Solubility of carbon dioxide in aqueous fluids and mineral suspensions at 294 K and subcritical pressures

An experimental investigation has been carried on the solubility of CO2 in water and 1 M NaCl between 0.3 and 4 MPa, in order to test the validity of the results given by various modelling codes. In addition to experiments with pure fluids, the effect of a range of likely reservoir minerals on CO2–water interactions, including K-feldspar, kaolinite, calcite, Ca-montmorillonite and Na-montmorillonite were also investigated. In addition to measurements of CO2 solubility, the pH of the CO2-saturated suspensions was also measured directly at pressures of up to 1 MPa. The results demonstrate that predictions of CO2 solubility made with PHREEQC and Geochemist’s Workbench agree to within 20% with the experimental value, provided corrections are first made off-line for the fugacity coefficient of CO2, while predictions from standalone models are slightly more accurate.
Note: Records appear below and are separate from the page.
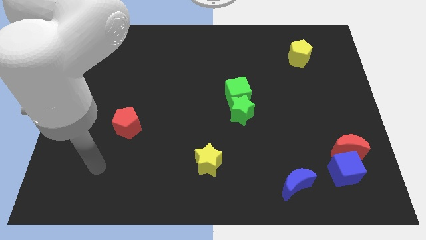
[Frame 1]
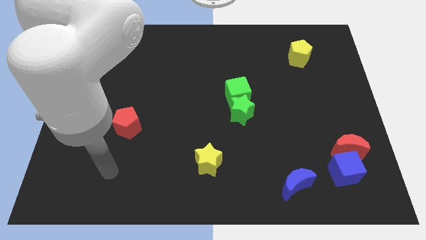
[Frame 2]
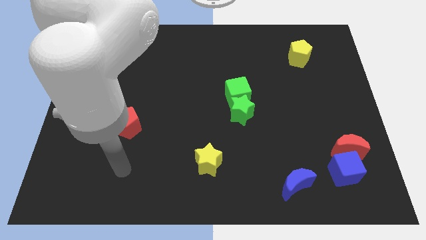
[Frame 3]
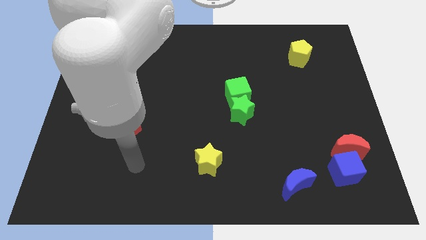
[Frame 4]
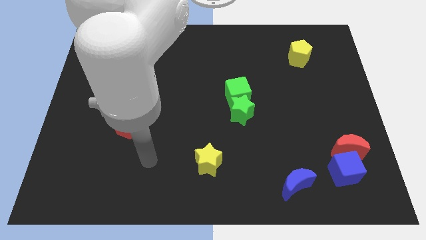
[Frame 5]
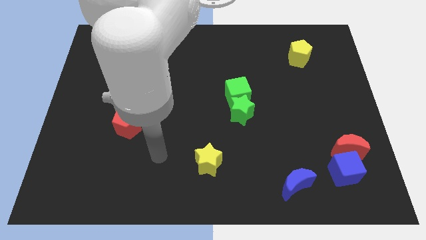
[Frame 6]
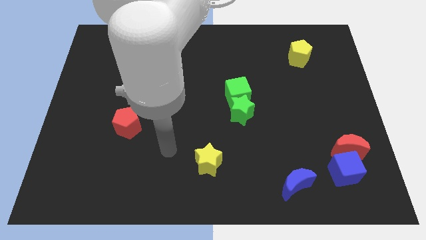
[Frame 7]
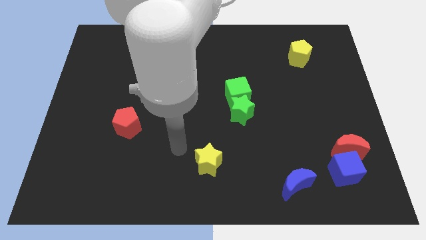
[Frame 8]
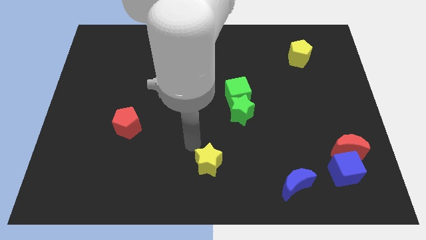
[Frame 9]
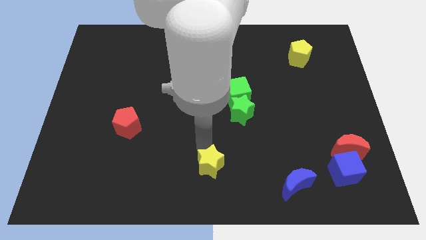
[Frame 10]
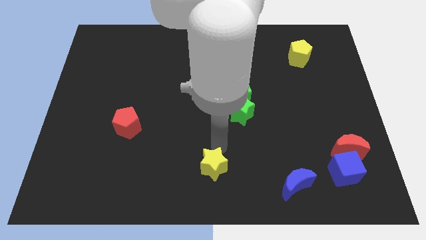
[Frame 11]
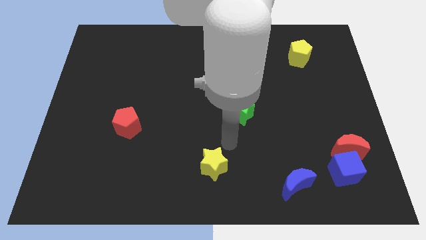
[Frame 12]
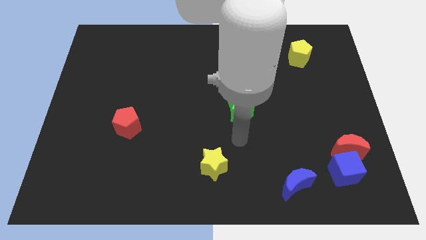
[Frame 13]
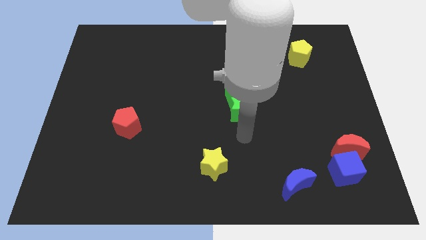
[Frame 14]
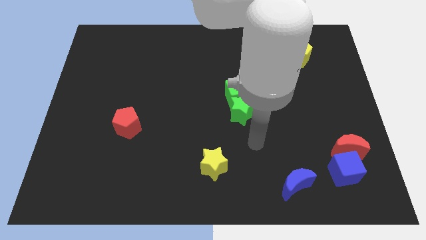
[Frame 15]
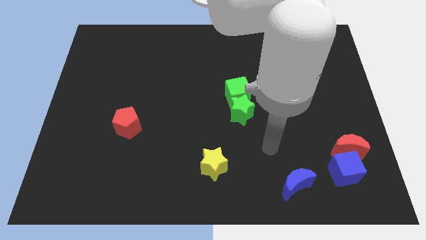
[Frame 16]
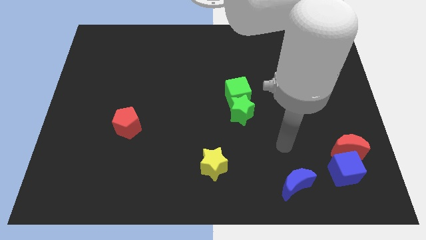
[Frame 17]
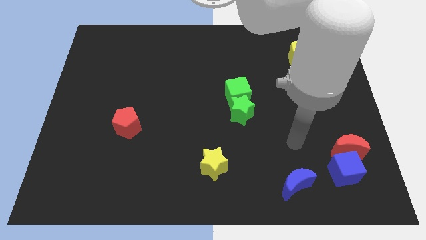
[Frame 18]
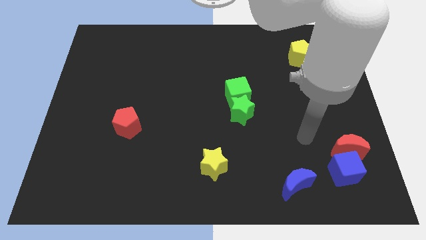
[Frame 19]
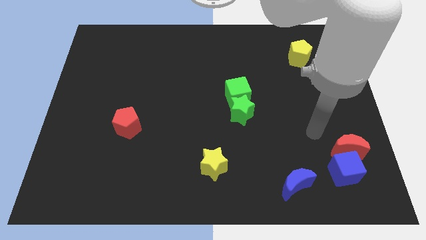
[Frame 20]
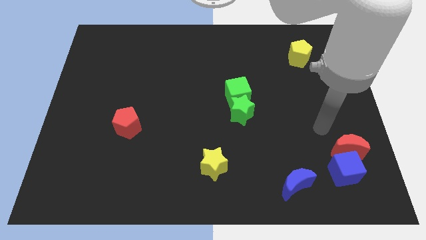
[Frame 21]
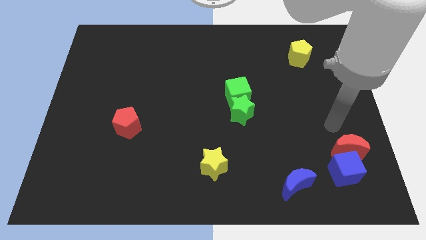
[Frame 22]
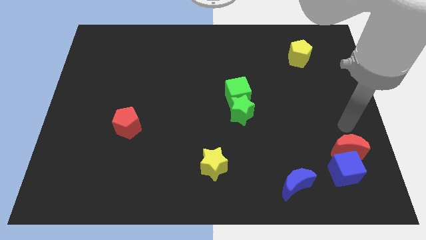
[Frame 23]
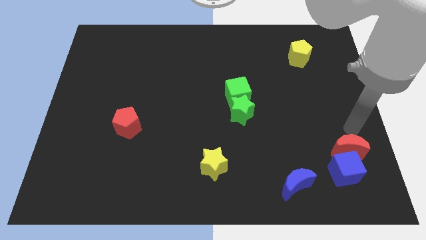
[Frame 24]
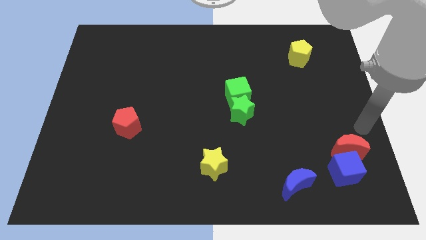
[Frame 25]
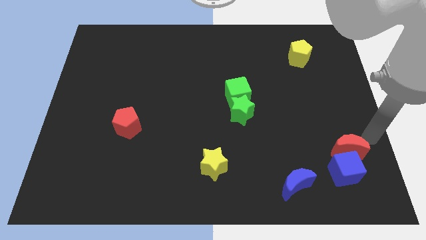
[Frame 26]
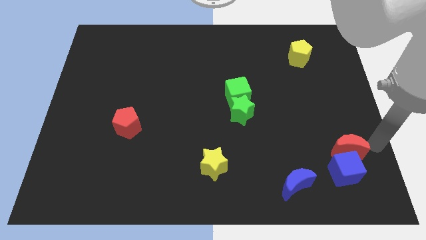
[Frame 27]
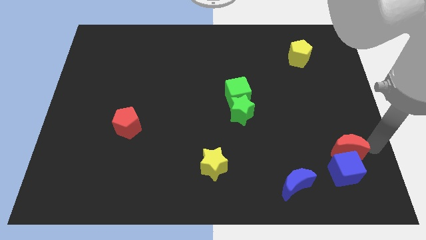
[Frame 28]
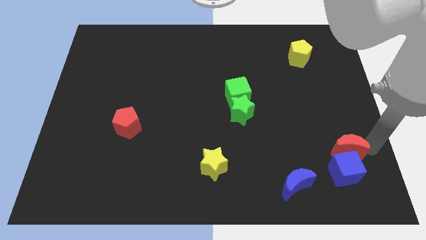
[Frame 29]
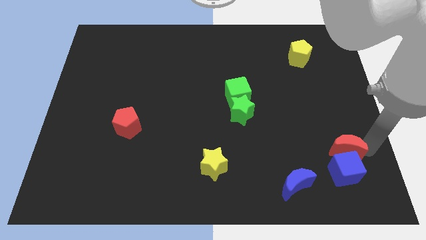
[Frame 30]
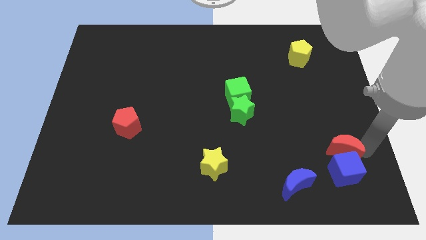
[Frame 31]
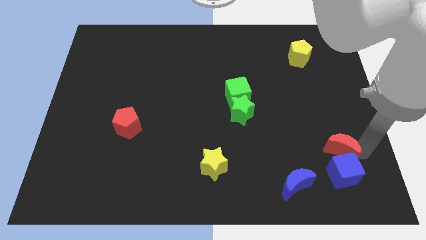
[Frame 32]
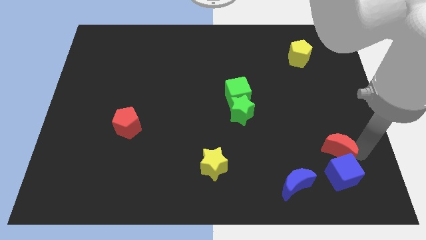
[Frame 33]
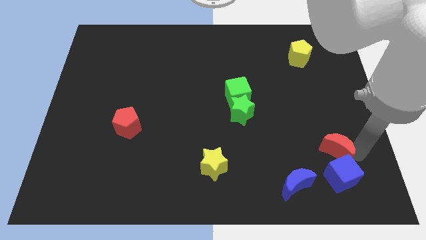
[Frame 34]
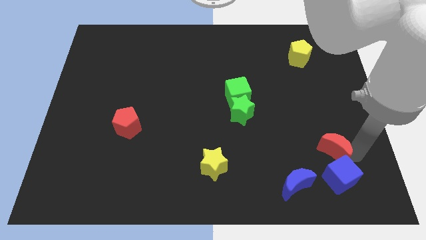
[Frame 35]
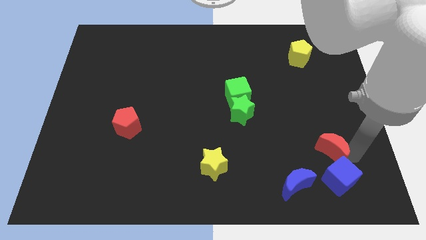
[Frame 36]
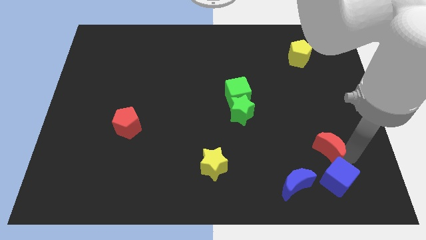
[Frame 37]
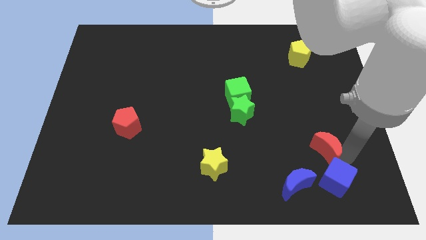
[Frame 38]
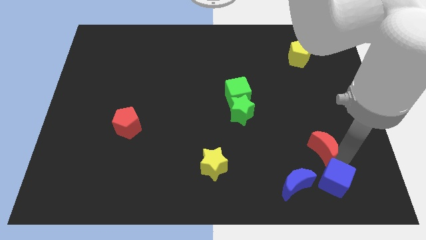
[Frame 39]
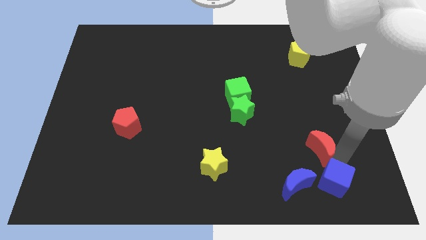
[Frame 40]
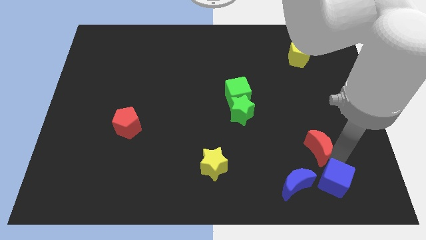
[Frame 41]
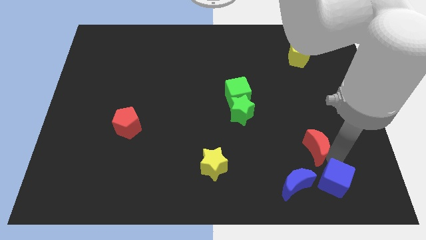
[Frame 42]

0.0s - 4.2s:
push the red moon to the left a bit

In the presence of mineral suspensions, PHREEQC and Geochemist’s Workbench give good results for calcite and kaolinite but underestimate the pH of montmorillonite-bearing assemblages while slightly overestimating the pH of K-feldspar suspensions. These results are significant because they indicate that CO2-charged fluids reacted with clays may be less acidic than indicated by the models, which will impact predictions of the potential for dissolution of reservoir and cap rock minerals, as well as the potential for leaching of toxic metals.
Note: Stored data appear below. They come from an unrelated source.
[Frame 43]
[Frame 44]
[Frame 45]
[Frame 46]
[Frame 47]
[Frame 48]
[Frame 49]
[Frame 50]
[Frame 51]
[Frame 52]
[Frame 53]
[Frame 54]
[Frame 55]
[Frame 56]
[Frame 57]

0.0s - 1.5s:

► CO2 solubility at subcritical P may be lower than predicted by modelling codes.
► Standalone models predict CO2 solubility better than fluid–rock interaction codes.
► Modelled CO2 solubilities depend strongly on the fugacity coefficient used.
► CO2-charged fluids reacted with clays may be less acidic than models suggest.
► CO2-charged fluids may thus mobilise less metal from grain surfaces than thought.